Auch die moderne Ausstattung des Hauses nach dem umfangreichen Umbau hob Schramm hervor.

„Deswegen fühle ich mich in unserem Klinikum immer gut aufgehoben, und ich bin sehr, sehr froh und glücklich, dass das alles gut gegangen ist und ich nach nur einigen wenigen Tagen wieder nach Hause gehen konnte und langsam wieder anfangen kann, für die Menschen in meiner Heimat zu arbeiten.“

Medizinische Hintergründe des Eingriffs

Dr. Andreas Brugger, Leitender Arzt der Kardiologie am Klinikum Kulmbach, erläutert die medizinischen Zusammenhänge. Mithilfe eines Event-Rekorders wurde die Herztätigkeit kontinuierlich überwacht, wodurch die Störung eindeutig diagnostiziert werden konnte.

„Der Herzrhythmus wurde nicht ordentlich generiert, der Taktgeber hat nicht richtig funktioniert“, erläutert der Kardiologe.

„Heutzutage kann man glücklicherweise einen Schrittmacher einbauen, um diese Fälle von Bewusstlosigkeit zu verhindern.“

Bei Henry Schramm lag ein sogenannter AV-Block dritten Grades vor, der ein komplexeres System erforderlich machte.

„In so einem Fall brauchen die Patienten ein System, das sowohl die rechte als auch die linke Herzkammer stimuliert. So ein Dreikammersystem ist allerdings deutlich aufwendiger als ein normaler Schrittmacher.“

Hohe Expertise in der Kardiologie des Klinikums Kulmbach

Jährlich werden am Klinikum Kulmbach laut Dr. Brugger bis zu 300 Schrittmachersysteme implantiert, ein relevanter Anteil davon biventrikuläre Systeme. Diese gelten als besonders effektiv zur Stabilisierung der Herzleistung, erfordern jedoch große Erfahrung.

Oberarzt Darius Daktariunas war ebenfalls an dem Eingriff beteiligt und betont die Komplexität der Operation.

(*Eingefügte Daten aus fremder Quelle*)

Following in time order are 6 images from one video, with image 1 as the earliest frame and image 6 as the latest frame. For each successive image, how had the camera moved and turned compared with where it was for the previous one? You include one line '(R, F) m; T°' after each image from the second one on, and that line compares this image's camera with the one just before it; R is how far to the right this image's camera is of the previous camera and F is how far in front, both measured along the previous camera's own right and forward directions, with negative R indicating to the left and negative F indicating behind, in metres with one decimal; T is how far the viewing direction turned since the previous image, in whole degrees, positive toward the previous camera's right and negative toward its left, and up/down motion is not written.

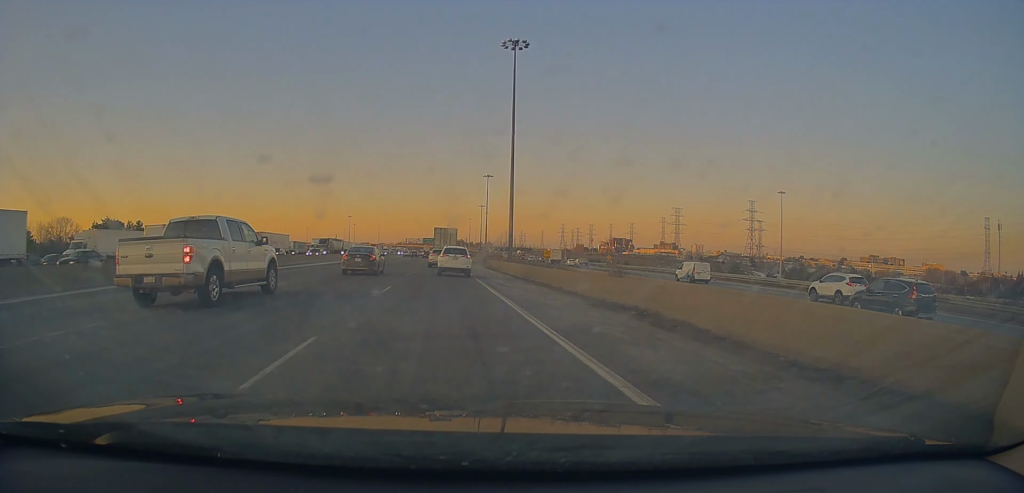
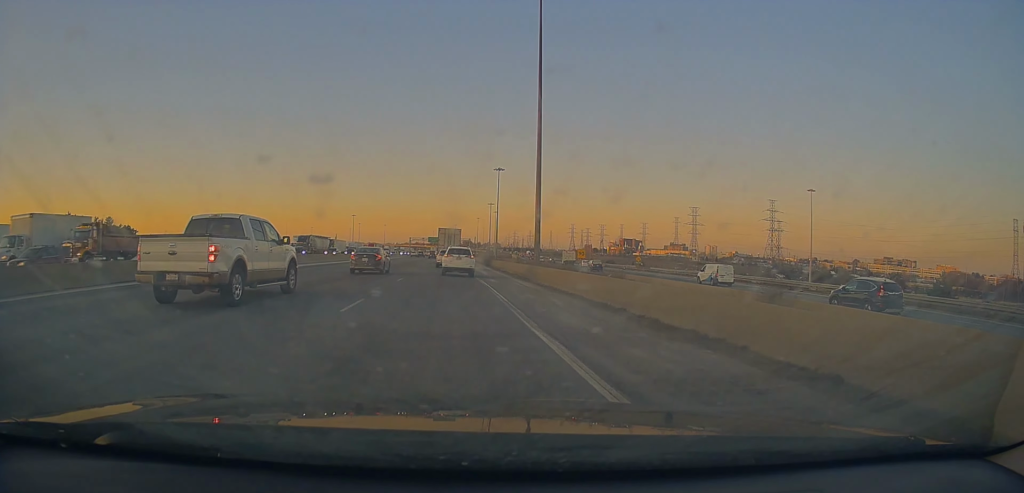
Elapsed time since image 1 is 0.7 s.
(0.0, +17.8) m; 0°
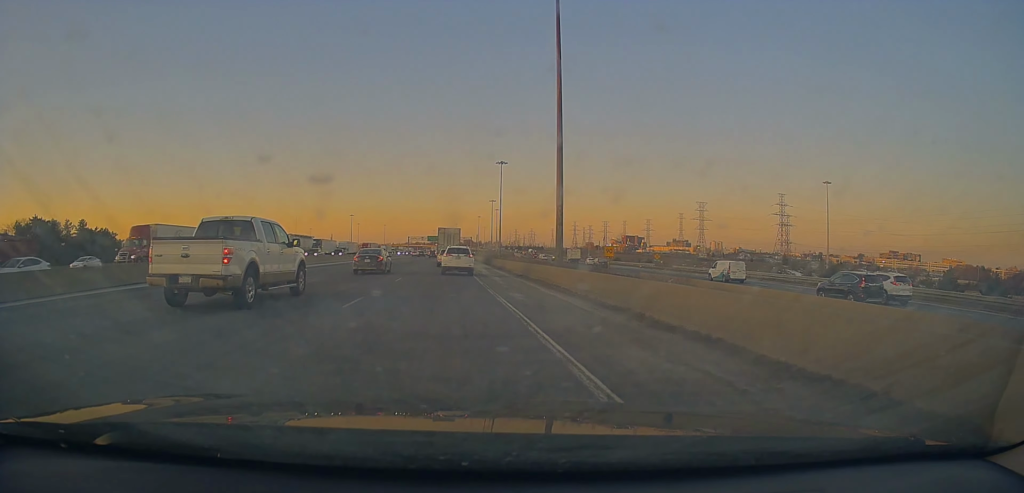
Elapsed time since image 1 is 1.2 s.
(0.0, +11.3) m; 0°
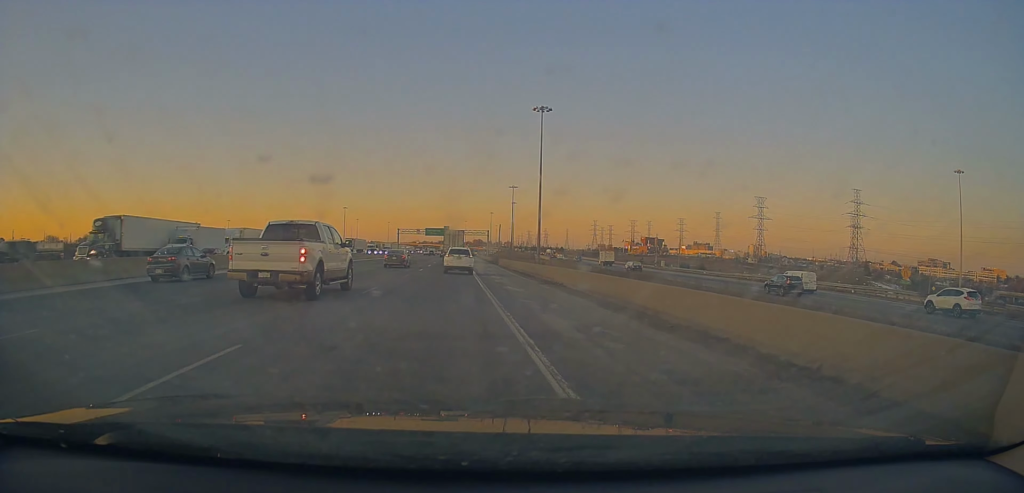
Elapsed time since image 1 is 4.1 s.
(-0.7, +68.4) m; -1°
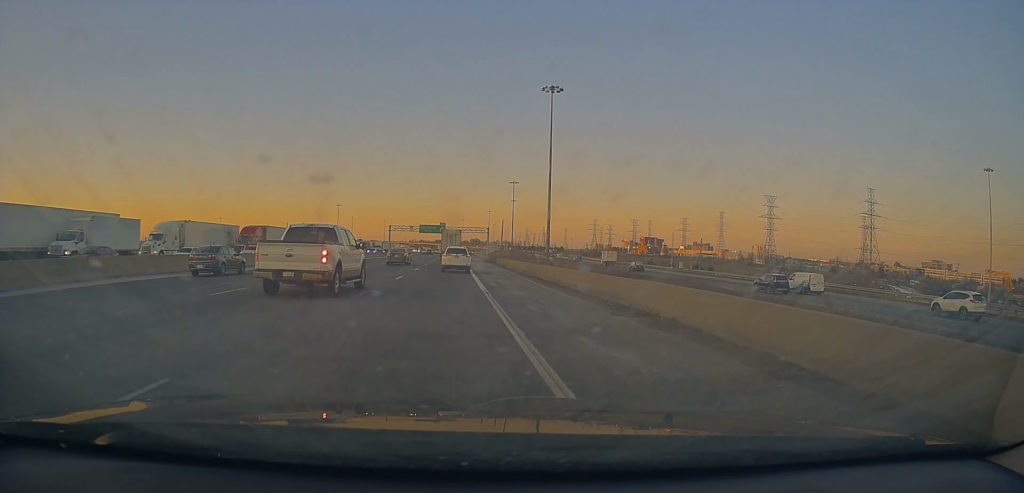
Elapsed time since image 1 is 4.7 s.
(+0.3, +13.9) m; 0°
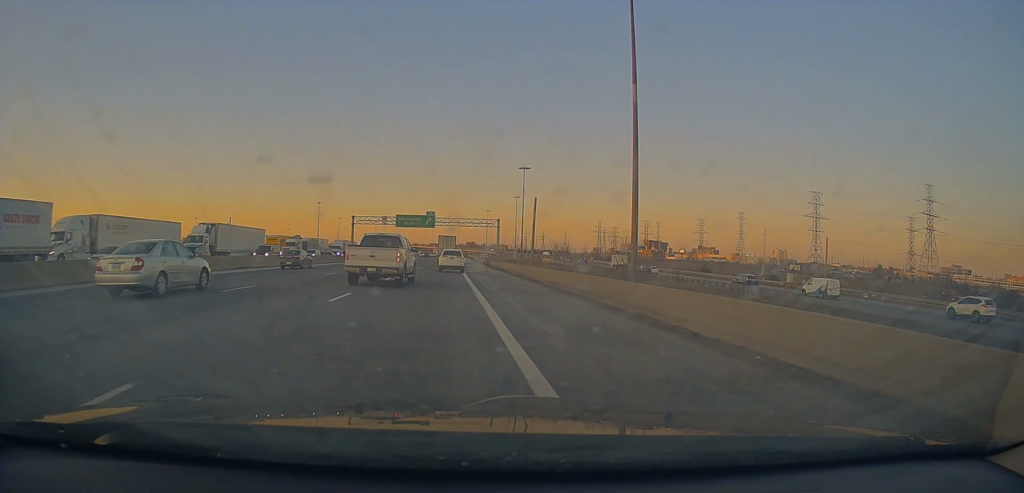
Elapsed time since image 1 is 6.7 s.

„Das Einsetzen eines CRT-P Herzschrittmachers ist kein einfacher Eingriff“, sagt auch der erfahrene Oberarzt.

„Es braucht einen speziellen Katheter, mehrere Stunden Zeit und einiges an Erfahrung.“

„Vom CRT-P Herzschrittmacher gehen drei Elektroden weg, die im rechten Ventrikel, im rechten Vorhof und in einer Herzvene an der betroffenen Herzkammer platziert werden müssen“, ergänzt Dr. Brugger.

Nicht alle Krankenhäuser verfügen über die technische Ausstattung und das spezialisierte Personal, um solche Eingriffe durchzuführen.

Dank an das Klinikteam und Blick nach vorn

Henry Schramm zeigte sich nach dem erfolgreichen Eingriff dankbar und zufrieden. Bereits wenige Tage nach der Operation konnte er entlassen werden und die Feiertage im Familienkreis verbringen.

„Und es war die richtige Entscheidung. Zudem sind in diesem Haus alle so freundlich – das hat, trotz des unschönen Anlasses, den Aufenthalt wesentlich angenehmer gemacht. Ich danke von ganzen Herzen dem engagierten und hochqualifizierten Personal.“

Auch die telemedizinischen Möglichkeiten des Klinikums hebt Schramm hervor.

„Am Klinikum Kulmbach funktioniert das, wie man unter anderem an meinem Eventrekorder sehen konnte, schon sehr gut.“

Abschließend blickt der Bezirkstagspräsident optimistisch in die Zukunft.

„Im neuen Jahr lege ich mit neuen Kräften wieder richtig los.“

Der Fall unterstreicht die hohe fachliche Qualität der Kardiologie am Klinikum Kulmbach und zeigt, dass auch anspruchsvolle herzmedizinische Eingriffe wohnortnah auf modernstem Niveau möglich sind.